Testicular cancer risk rises with infertility

By Katherine Hobson

11/18/05

Testicular cancer is the most common form of cancer among young men, and it often produces no symptoms. Researchers have now identified a big one: Men who are infertile and have abnormal sperm counts are more than 20 times as likely to have testicular cancer as other men. A team of researchers from NewYork-Presbyterian Hospital/Weill Cornell Medical Center reviewed the records of more than 3,800 men with infertility or abnormal counts and found that 10 had testicular tumors.

Eight of the men had no other risk factors for the disease, according to the study, which appeared in the November issue of the Journal of Urology. Two had a history of at least one undescended testicle, known to be a risk factor for testicular cancer. Even excluding those two men, the risk was still more than 18 times higher than among other men. All of the tumors were the same kind, a type known as a seminoma, which usually makes up about half of testicular cancers.
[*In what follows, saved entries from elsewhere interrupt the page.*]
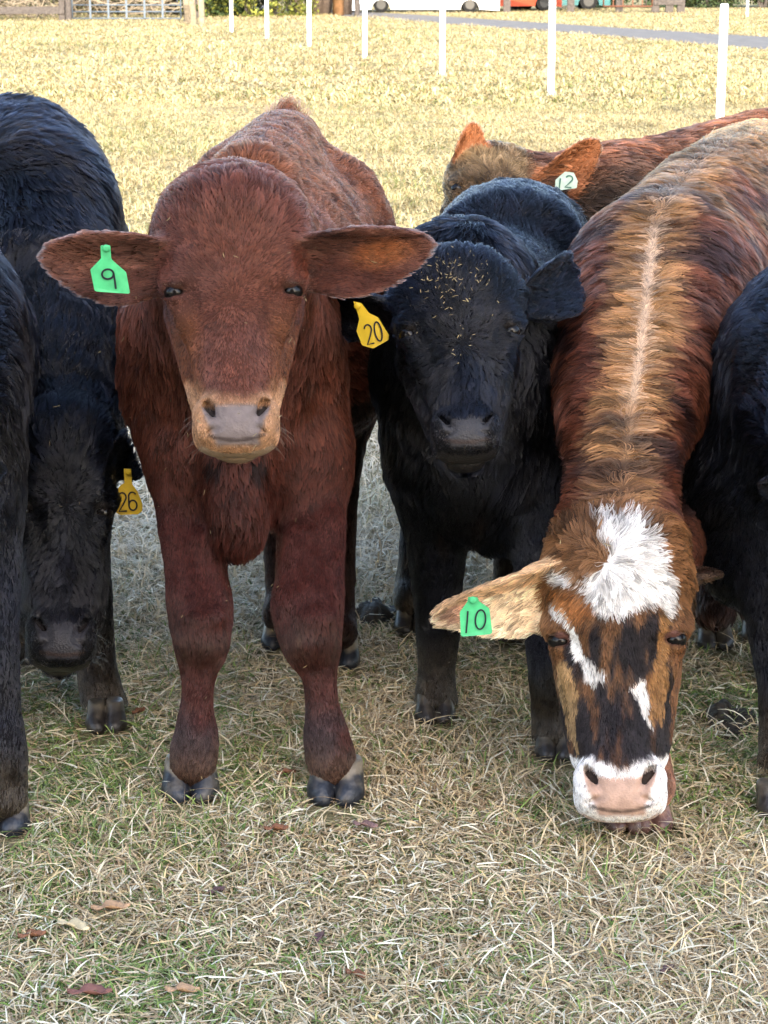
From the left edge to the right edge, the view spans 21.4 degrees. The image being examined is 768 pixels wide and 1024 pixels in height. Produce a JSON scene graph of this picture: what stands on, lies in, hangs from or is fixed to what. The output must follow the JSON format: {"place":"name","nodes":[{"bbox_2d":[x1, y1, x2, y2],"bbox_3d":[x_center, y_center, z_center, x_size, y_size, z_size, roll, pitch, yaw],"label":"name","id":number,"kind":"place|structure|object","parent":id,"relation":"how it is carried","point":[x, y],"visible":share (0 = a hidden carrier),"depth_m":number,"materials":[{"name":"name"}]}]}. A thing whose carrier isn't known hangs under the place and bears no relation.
{"place":"outdoors","nodes":[
{"label":"outdoors","id":0,"kind":"place"},
{"bbox_2d":[0,0,767,1023],"bbox_3d":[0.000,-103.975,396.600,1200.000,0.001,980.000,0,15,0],"label":"ground","id":1,"kind":"structure","parent":0,"point":[508,644],"depth_m":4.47,"materials":[{"name":"beige plant"}]},
{"bbox_2d":[0,0,21,14],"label":"bush","id":2,"kind":"object","parent":1,"relation":"on","point":[9,5],"visible":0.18,"depth_m":69.34,"materials":[{"name":"green plant"}]},
{"bbox_2d":[0,250,42,837],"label":"calf","id":3,"kind":"object","parent":1,"relation":"on","point":[20,353],"visible":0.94,"depth_m":3.66},
{"bbox_2d":[1,0,45,14],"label":"bush","id":4,"kind":"object","parent":1,"relation":"on","point":[29,5],"visible":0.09,"depth_m":70.33,"materials":[{"name":"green plant"}]},
{"bbox_2d":[17,929,45,937],"bbox_3d":[-0.559,0.669,3.232,0.045,0.012,0.018,-6,16,-20],"label":"dead leaf","id":5,"kind":"object","parent":1,"relation":"on","point":[37,933],"visible":1,"depth_m":3.23,"materials":[{"name":"brown plant"}]},
{"bbox_2d":[0,0,64,20],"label":"board fence","id":6,"kind":"object","parent":1,"relation":"on","point":[60,10],"visible":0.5,"depth_m":62.11,"materials":[{"name":"brown wood"}]},
{"bbox_2d":[64,0,71,20],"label":"gate post","id":7,"kind":"object","parent":1,"relation":"on","point":[68,8],"visible":0.8,"depth_m":62.07,"materials":[{"name":"brown wood"}]},
{"bbox_2d":[40,0,96,14],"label":"bush","id":8,"kind":"object","parent":1,"relation":"on","point":[77,7],"visible":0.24,"depth_m":69.70,"materials":[{"name":"brown plant"}]},
{"bbox_2d":[0,91,143,734],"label":"calf","id":9,"kind":"object","parent":1,"relation":"on","point":[57,177],"visible":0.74,"depth_m":4.08},
{"bbox_2d":[57,918,89,930],"bbox_3d":[-0.497,0.660,3.263,0.064,0.014,0.026,7,16,24],"label":"dead leaf","id":10,"kind":"object","parent":1,"relation":"on","point":[76,923],"visible":1,"depth_m":3.26,"materials":[{"name":"plant"}]},
{"bbox_2d":[67,983,112,994],"bbox_3d":[-0.441,0.717,3.050,0.068,0.014,0.028,0,15,0],"label":"dead leaf","id":11,"kind":"object","parent":1,"relation":"on","point":[89,988],"visible":1,"depth_m":3.05,"materials":[{"name":"pink plant"}]},
{"bbox_2d":[0,0,182,18],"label":"brush pile","id":12,"kind":"object","parent":1,"relation":"on","point":[120,8],"visible":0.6,"depth_m":64.90,"materials":[{"name":"plant"}]},
{"bbox_2d":[82,0,123,14],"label":"bush","id":13,"kind":"object","parent":1,"relation":"on","point":[102,7],"visible":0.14,"depth_m":70.80,"materials":[{"name":"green plant"}]},
{"bbox_2d":[91,899,129,909],"bbox_3d":[-0.446,0.643,3.326,0.064,0.014,0.028,0,15,0],"label":"dead leaf","id":14,"kind":"object","parent":1,"relation":"on","point":[110,904],"visible":1,"depth_m":3.33,"materials":[{"name":"plant"}]},
{"bbox_2d":[71,0,181,18],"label":"farm gate","id":15,"kind":"structure","parent":1,"relation":"on","point":[125,5],"depth_m":62.69,"materials":[{"name":"metal"}]},
{"bbox_2d":[109,0,155,14],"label":"bush","id":16,"kind":"object","parent":1,"relation":"on","point":[117,13],"visible":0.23,"depth_m":70.00,"materials":[{"name":"brown plant"}]},
{"bbox_2d":[132,707,144,714],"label":"dead leaf","id":17,"kind":"object","parent":1,"relation":"on","point":[138,710],"visible":1,"depth_m":4.21,"materials":[{"name":"brown plant"}]},
{"bbox_2d":[156,0,183,14],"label":"bush","id":18,"kind":"object","parent":1,"relation":"on","point":[172,1],"visible":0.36,"depth_m":70.33,"materials":[{"name":"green plant"}]},
{"bbox_2d":[165,982,199,992],"bbox_3d":[-0.302,0.715,3.057,0.053,0.013,0.022,0,15,0],"label":"dead leaf","id":19,"kind":"object","parent":1,"relation":"on","point":[182,987],"visible":1,"depth_m":3.06,"materials":[{"name":"beige plant"}]},
{"bbox_2d":[183,0,189,22],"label":"gate post","id":20,"kind":"object","parent":1,"relation":"on","point":[186,11],"visible":0.55,"depth_m":59.33,"materials":[{"name":"brown wood"}]},
{"bbox_2d":[188,0,196,25],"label":"gate post","id":21,"kind":"object","parent":1,"relation":"on","point":[192,11],"visible":0.8,"depth_m":56.87,"materials":[{"name":"beige wood"}]},
{"bbox_2d":[197,0,204,25],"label":"gate post","id":22,"kind":"object","parent":1,"relation":"on","point":[201,13],"visible":0.83,"depth_m":56.40,"materials":[{"name":"brown wood"}]},
{"bbox_2d":[178,0,239,16],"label":"bush","id":23,"kind":"object","parent":1,"relation":"on","point":[213,5],"visible":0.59,"depth_m":66.98,"materials":[{"name":"green plant"}]},
{"bbox_2d":[208,886,224,893],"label":"dead leaf","id":24,"kind":"object","parent":1,"relation":"on","point":[219,888],"visible":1,"depth_m":3.39,"materials":[{"name":"plant"}]},
{"bbox_2d":[229,0,232,31],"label":"fence post","id":25,"kind":"object","parent":1,"relation":"on","point":[231,12],"visible":0.73,"depth_m":50.92,"materials":[{"name":"white plastic"}]},
{"bbox_2d":[36,89,437,807],"bbox_3d":[-0.250,-0.213,4.334,0.662,1.182,1.901,0,15,0],"label":"calf","id":26,"kind":"object","parent":1,"relation":"on","point":[232,277],"visible":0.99,"depth_m":3.77},
{"bbox_2d":[209,0,264,15],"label":"bush","id":27,"kind":"object","parent":1,"relation":"on","point":[257,6],"visible":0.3,"depth_m":68.33,"materials":[{"name":"green plant"}]},
{"bbox_2d":[221,0,253,16],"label":"bush","id":28,"kind":"object","parent":1,"relation":"on","point":[245,9],"visible":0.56,"depth_m":67.86,"materials":[{"name":"green plant"}]},
{"bbox_2d":[265,0,268,37],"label":"fence post","id":29,"kind":"object","parent":1,"relation":"on","point":[266,18],"visible":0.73,"depth_m":46.08,"materials":[{"name":"white plastic"}]},
{"bbox_2d":[264,823,287,829],"bbox_3d":[-0.192,0.562,3.633,0.044,0.012,0.019,0,15,0],"label":"dead leaf","id":30,"kind":"object","parent":1,"relation":"on","point":[276,826],"visible":1,"depth_m":3.63,"materials":[{"name":"brown plant"}]},
{"bbox_2d":[237,0,318,16],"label":"bush","id":31,"kind":"object","parent":1,"relation":"on","point":[274,4],"visible":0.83,"depth_m":67.71,"materials":[{"name":"green plant"}]},
{"bbox_2d":[276,768,295,774],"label":"dead leaf","id":32,"kind":"object","parent":1,"relation":"on","point":[287,770],"visible":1,"depth_m":3.89,"materials":[{"name":"brown plant"}]},
{"bbox_2d":[291,0,305,13],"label":"bush","id":33,"kind":"object","parent":1,"relation":"on","point":[296,11],"depth_m":70.71,"materials":[{"name":"green plant"}]},
{"bbox_2d":[258,0,354,10],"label":"bush","id":34,"kind":"object","parent":1,"relation":"on","point":[291,4],"visible":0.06,"depth_m":74.63,"materials":[{"name":"green plant"}]},
{"bbox_2d":[307,0,310,45],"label":"fence post","id":35,"kind":"object","parent":1,"relation":"on","point":[309,22],"visible":0.73,"depth_m":41.30,"materials":[{"name":"white plastic"}]},
{"bbox_2d":[311,0,322,14],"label":"bare tree","id":36,"kind":"object","parent":1,"relation":"on","point":[319,3],"depth_m":70.70,"materials":[{"name":"brown plant"}]},
{"bbox_2d":[314,930,324,943],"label":"dead leaf","id":37,"kind":"object","parent":1,"relation":"on","point":[319,935],"visible":0.98,"depth_m":3.22,"materials":[{"name":"plant"}]},
{"bbox_2d":[321,0,332,14],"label":"bare tree","id":38,"kind":"object","parent":1,"relation":"on","point":[326,8],"visible":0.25,"depth_m":70.71,"materials":[{"name":"brown plant"}]},
{"bbox_2d":[333,0,343,14],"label":"trunk","id":39,"kind":"object","parent":1,"relation":"on","point":[338,6],"depth_m":69.65,"materials":[{"name":"brown plant"}]},
{"bbox_2d":[344,0,352,14],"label":"bare tree","id":40,"kind":"object","parent":1,"relation":"on","point":[347,7],"depth_m":70.71,"materials":[{"name":"brown plant"}]},
{"bbox_2d":[345,968,367,977],"bbox_3d":[-0.042,0.703,3.106,0.038,0.012,0.015,9,17,30],"label":"dead leaf","id":41,"kind":"object","parent":1,"relation":"on","point":[358,970],"visible":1,"depth_m":3.11,"materials":[{"name":"brown plant"}]},
{"bbox_2d":[354,0,359,15],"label":"gate post","id":42,"kind":"object","parent":1,"relation":"on","point":[357,7],"visible":0.8,"depth_m":69.03,"materials":[{"name":"brown wood"}]},
{"bbox_2d":[362,0,366,57],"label":"fence post","id":43,"kind":"object","parent":1,"relation":"on","point":[364,28],"visible":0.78,"depth_m":35.83,"materials":[{"name":"white plastic"}]},
{"bbox_2d":[353,819,377,827],"bbox_3d":[-0.033,0.559,3.647,0.047,0.012,0.019,4,15,13],"label":"dead leaf","id":44,"kind":"object","parent":1,"relation":"on","point":[368,823],"visible":1,"depth_m":3.65,"materials":[{"name":"pink plant"}]},
{"bbox_2d":[355,597,395,630],"bbox_3d":[-0.025,0.228,4.873,0.148,0.053,0.178,10,18,33],"label":"dung pile","id":45,"kind":"object","parent":1,"relation":"on","point":[374,608],"visible":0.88,"depth_m":4.82,"materials":[{"name":"black"}]},
{"bbox_2d":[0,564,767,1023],"bbox_3d":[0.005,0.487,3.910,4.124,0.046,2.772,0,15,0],"label":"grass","id":46,"kind":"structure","parent":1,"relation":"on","point":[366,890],"depth_m":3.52,"materials":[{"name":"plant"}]},
{"bbox_2d":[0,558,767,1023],"bbox_3d":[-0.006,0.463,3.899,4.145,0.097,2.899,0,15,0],"label":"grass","id":47,"kind":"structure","parent":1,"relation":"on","point":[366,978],"depth_m":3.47,"materials":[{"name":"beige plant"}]},
{"bbox_2d":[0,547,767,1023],"bbox_3d":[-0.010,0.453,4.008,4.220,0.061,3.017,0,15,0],"label":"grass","id":48,"kind":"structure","parent":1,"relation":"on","point":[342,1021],"depth_m":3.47,"materials":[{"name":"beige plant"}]},
{"bbox_2d":[110,424,739,626],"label":"grass","id":49,"kind":"structure","parent":1,"relation":"on","point":[379,498],"depth_m":5.30,"materials":[{"name":"grey plant"}]},
{"bbox_2d":[352,0,499,12],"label":"parked car","id":50,"kind":"object","parent":1,"relation":"on","point":[380,6],"visible":0.96,"depth_m":74.27,"materials":[{"name":"white paint"}]},
{"bbox_2d":[439,0,445,74],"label":"fence post","id":51,"kind":"object","parent":1,"relation":"on","point":[442,37],"visible":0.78,"depth_m":29.95,"materials":[{"name":"white plastic"}]},
{"bbox_2d":[337,177,587,761],"bbox_3d":[0.204,-0.172,4.467,0.499,1.034,1.685,2,15,7],"label":"calf","id":52,"kind":"object","parent":1,"relation":"on","point":[456,333],"visible":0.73,"depth_m":3.98},
{"bbox_2d":[462,0,561,11],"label":"parked car","id":53,"kind":"object","parent":1,"relation":"on","point":[541,5],"visible":0.44,"depth_m":76.55,"materials":[{"name":"red paint"}]},
{"bbox_2d":[547,0,555,94],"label":"fence post","id":54,"kind":"object","parent":1,"relation":"on","point":[551,44],"visible":0.82,"depth_m":25.14,"materials":[{"name":"white plastic"}]},
{"bbox_2d":[511,0,609,9],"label":"parked car","id":55,"kind":"object","parent":1,"relation":"on","point":[585,4],"visible":0.48,"depth_m":78.79,"materials":[{"name":"teal paint"}]},
{"bbox_2d":[503,0,622,11],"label":"board fence","id":56,"kind":"object","parent":1,"relation":"on","point":[507,5],"depth_m":74.38,"materials":[{"name":"brown wood"}]},
{"bbox_2d":[429,117,767,834],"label":"calf","id":57,"kind":"object","parent":1,"relation":"on","point":[608,598],"visible":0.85,"depth_m":3.69},
{"bbox_2d":[439,107,767,221],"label":"calf","id":58,"kind":"object","parent":1,"relation":"on","point":[591,176],"visible":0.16,"depth_m":5.54},
{"bbox_2d":[596,0,615,7],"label":"bush","id":59,"kind":"object","parent":1,"relation":"on","point":[611,3],"visible":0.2,"depth_m":83.27,"materials":[{"name":"green plant"}]},
{"bbox_2d":[603,0,652,6],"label":"farm gate","id":60,"kind":"structure","parent":1,"relation":"on","point":[632,5],"depth_m":72.76,"materials":[{"name":"metal"}]},
{"bbox_2d":[634,0,676,7],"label":"bush","id":61,"kind":"object","parent":1,"relation":"on","point":[647,2],"visible":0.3,"depth_m":83.36,"materials":[{"name":"green plant"}]},
{"bbox_2d":[660,964,674,973],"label":"dead leaf","id":62,"kind":"object","parent":1,"relation":"on","point":[664,968],"visible":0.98,"depth_m":3.12,"materials":[{"name":"plant"}]},
{"bbox_2d":[651,0,684,12],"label":"board fence","id":63,"kind":"object","parent":1,"relation":"on","point":[669,4],"visible":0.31,"depth_m":73.57,"materials":[{"name":"brown wood"}]},
{"bbox_2d":[673,0,745,7],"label":"bush","id":64,"kind":"object","parent":1,"relation":"on","point":[692,3],"visible":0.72,"depth_m":84.11,"materials":[{"name":"green plant"}]},
{"bbox_2d":[716,4,728,117],"bbox_3d":[3.445,-4.549,20.751,0.088,1.220,0.100,0,15,0],"label":"fence post","id":65,"kind":"object","parent":1,"relation":"on","point":[722,59],"visible":0.89,"depth_m":20.71,"materials":[{"name":"white plastic"}]},
{"bbox_2d":[681,267,767,819],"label":"calf","id":66,"kind":"object","parent":1,"relation":"on","point":[725,484],"visible":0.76,"depth_m":3.87},
{"bbox_2d":[702,698,758,742],"bbox_3d":[0.709,0.420,4.193,0.131,0.032,0.211,7,16,24],"label":"dung pile","id":67,"kind":"object","parent":1,"relation":"on","point":[717,710],"visible":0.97,"depth_m":4.19,"materials":[{"name":"black"}]},
{"bbox_2d":[698,0,764,5],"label":"bush","id":68,"kind":"object","parent":1,"relation":"on","point":[755,1],"visible":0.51,"depth_m":84.91,"materials":[{"name":"green plant"}]},
{"bbox_2d":[746,0,748,15],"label":"fence post","id":69,"kind":"object","parent":1,"relation":"on","point":[747,7],"visible":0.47,"depth_m":67.68,"materials":[{"name":"white plastic"}]},
{"bbox_2d":[729,0,767,6],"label":"bush","id":70,"kind":"object","parent":1,"relation":"on","point":[760,4],"visible":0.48,"depth_m":84.37,"materials":[{"name":"green plant"}]},
{"bbox_2d":[0,6,767,103],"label":"field grass","id":71,"kind":"structure","parent":0,"point":[171,93],"depth_m":33.69,"materials":[{"name":"yellow plant"}]},
{"bbox_2d":[52,97,767,233],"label":"field grass","id":72,"kind":"structure","parent":0,"point":[202,144],"depth_m":19.41,"materials":[{"name":"yellow plant"}]},
{"bbox_2d":[177,0,767,48],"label":"road","id":73,"kind":"structure","parent":0,"point":[758,42],"depth_m":52.14,"materials":[{"name":"grey asphalt"}]}
]}

Those figures mean that the odds of finding testicular cancer in an infertile man are about 1 in 500, the study says. That sounds small, but the odds are great enough that men who have an abnormal sperm count or are infertile should be referred to a urologist for examination and possible ultrasound screening, says lead author Marc Goldstein, surgeon in chief of male reproductive medicine and surgery at the medical center. (As a comparison, regular mammograms are recommended for women over 40 though the odds of finding breast cancer are just 1 in 1,438.) The recommendation for referral holds true even if the couple's infertility can be solved using IVF or other methods, says Goldstein. In an editorial accompanying the study, Raymond Costabile, a urologist at the University of Virginia, recommends these men also perform regular testicular self-examinations.

Researchers still don't know why male infertility is associated with testicular cancer but suspect some kind of underlying genetic predisposition to both abnormal sperm characteristics and testicular tumors.